Contributed by Sassan Rostami, MD and Uma NM Rao, MD
Published on line in July 2002
The patient is a 39 year-old female who was found to have a low-grade sarcoma with features of plexiform fibrohistiocytic tumor in the subcutaneous soft tissue of left posterior thigh. The tumor was resected in August 1999 and measured 3.0cm.
In August 2001 she underwent wedge resection of right lower lobe of lung for metastasizing sarcoma.
The patient was disease free until February 2002 when a CT scan of chest showed a new lesion in the left lower lobe of the lung. She also developed a 2-cm palpable mass in the medial aspect of left groin. She underwent a left groin superficial lymphadenectomy in April 2002, which showed recurrent plexiform fibrohistiocytic tumor with focal extension to one out of eight lymph nodes.
Lung metastases (August 2001): There were four firm, white, ill-defined nodules in right lower lobe of lung ranging from 0.3 to1.2cm in greatest dimensions. They were located in the periphery of lung near the pleura.
Left groin recurrence (April 2002): The tumor consisted of a 2.0-cm firm mass. On cross section, the cut surface of the mass was solid and pale gray-white. No necrosis was identified.

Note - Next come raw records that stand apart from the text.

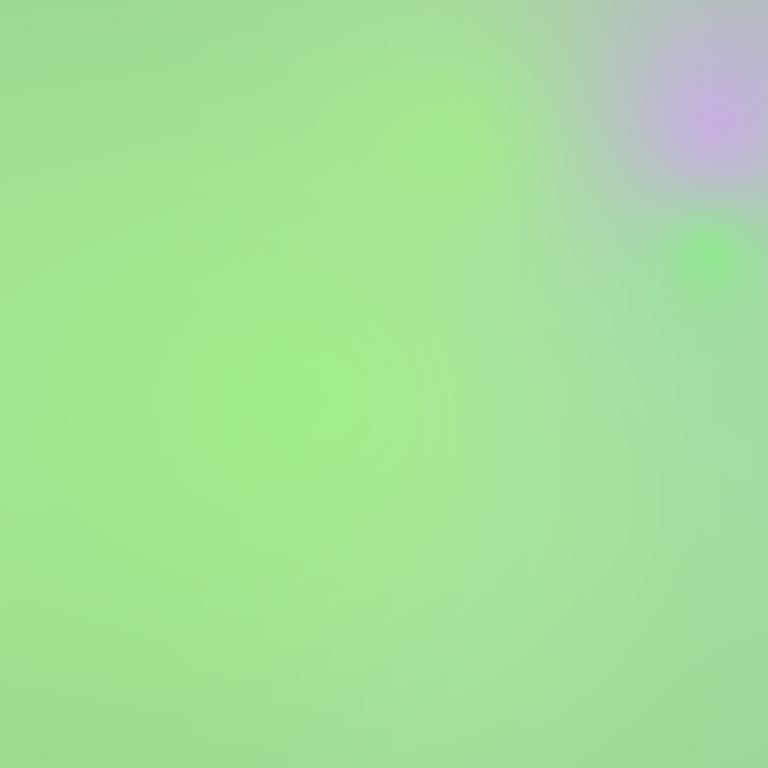
Abstract light effect, smooth blend from soft green to light purple, calm atmosphere, diffuse glow, no room, no furniture, no objects.
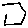
Label: hexagon
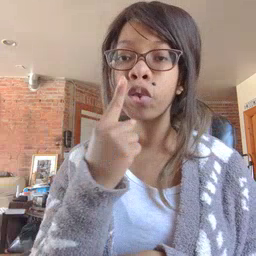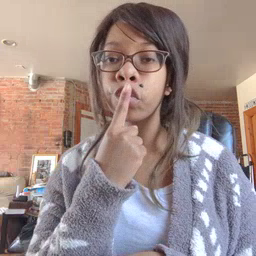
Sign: lips
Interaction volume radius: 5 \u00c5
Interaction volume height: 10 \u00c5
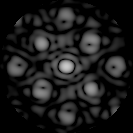
Disorder parameter: 0.2762
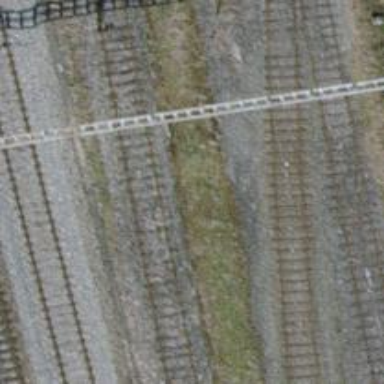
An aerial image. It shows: Railway yard with electrified tracks and single track.
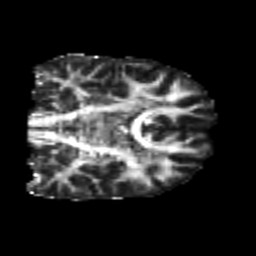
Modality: FA
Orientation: coronal
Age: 20
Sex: male
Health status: healthy
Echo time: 0.074 s
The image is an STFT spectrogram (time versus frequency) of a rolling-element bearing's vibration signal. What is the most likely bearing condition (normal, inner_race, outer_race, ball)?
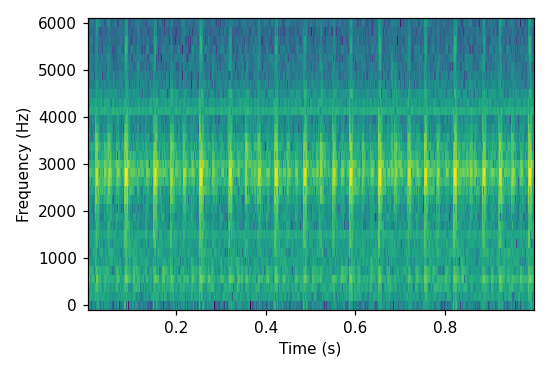
Answer: outer_race
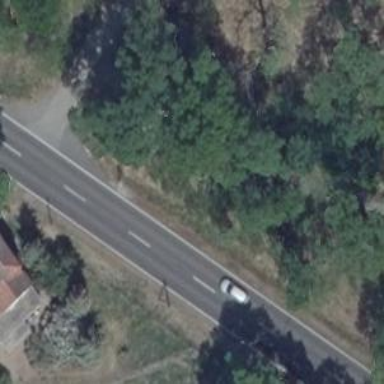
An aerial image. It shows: Cycleway.
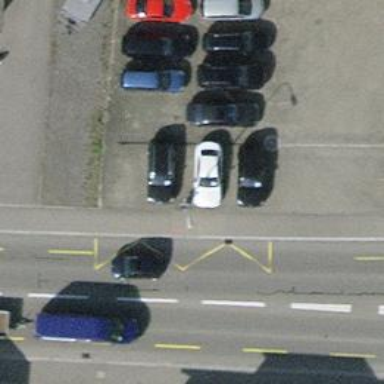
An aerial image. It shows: Bus stop with platform for public transport.
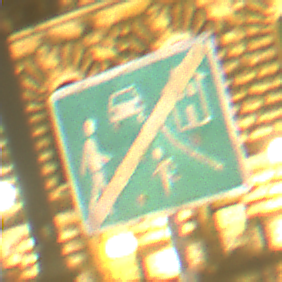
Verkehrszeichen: EndeVerkehrsberuhigterBereich
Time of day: Night
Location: Outdoor (Urban)
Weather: Overcast
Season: NotSpecified
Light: Artificial
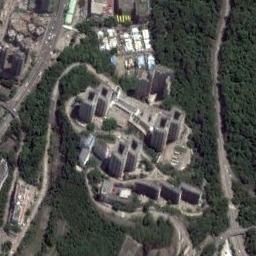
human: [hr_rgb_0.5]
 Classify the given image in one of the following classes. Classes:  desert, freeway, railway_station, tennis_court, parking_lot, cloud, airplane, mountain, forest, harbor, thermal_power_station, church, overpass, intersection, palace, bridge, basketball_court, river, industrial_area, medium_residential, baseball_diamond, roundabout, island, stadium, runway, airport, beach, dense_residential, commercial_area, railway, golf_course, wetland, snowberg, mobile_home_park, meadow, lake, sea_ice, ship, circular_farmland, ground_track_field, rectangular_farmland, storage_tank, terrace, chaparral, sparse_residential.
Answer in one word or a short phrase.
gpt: commercial_area
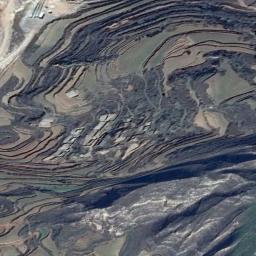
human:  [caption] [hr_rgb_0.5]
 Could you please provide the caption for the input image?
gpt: The terraced fields look like circles .

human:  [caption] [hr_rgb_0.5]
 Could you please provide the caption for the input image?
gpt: The bare and green terrace is next to some trees .

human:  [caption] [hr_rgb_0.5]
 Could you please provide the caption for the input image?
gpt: There are many green plants on the terrace .

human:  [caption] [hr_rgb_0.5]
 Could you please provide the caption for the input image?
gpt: There are several houses in a large layer of brown and green mixed terraces .

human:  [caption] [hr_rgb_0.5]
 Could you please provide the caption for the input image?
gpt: There are many terraces near the mountains .

Lung metastases (August 2001): The neoplasm was characterized by a plump spindle cell population arranged in lobules with short fascicles and scattered multinucleated giant cells. Some areas demonstrate abundant eosinophilic collagen and others show increased cellularity with mitoses ranging from 0-2/10 high-power fields. Necrosis was not identified. Immunohistochemically, The neoplastic cells were immunoreactive for vimentin, negative for cytokeratin and focally weak positive for smooth muscle actin. The neoplastic cells were immunoreactive for C kit. CD-34 highlighted the vasculature in the tumor, but neoplastic cells were negative.

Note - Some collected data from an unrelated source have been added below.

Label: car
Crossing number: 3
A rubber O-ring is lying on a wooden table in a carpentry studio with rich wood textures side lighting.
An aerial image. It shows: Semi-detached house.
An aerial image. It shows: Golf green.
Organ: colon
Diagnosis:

Left groin recurrence (April 2002): The bulk of tumor was located within soft tissue and focally extended to one lymph node, therefore was considered to be local extension although actual nodal metastasis could not be ruled out. No necrosis was identified. Mitotic rate was 2/10 high-power fields. The local and distant metastatic tumors were histologically similar to the primary tumor and retained the vague plexiform pattern noted in the primary site. A small subpopulation of tumor cells including the osteoclast like giant cells were CD-68 positive. CD-34, HMB 45, melan A, myogenin, pancytokeratin and S-100 stains were negative.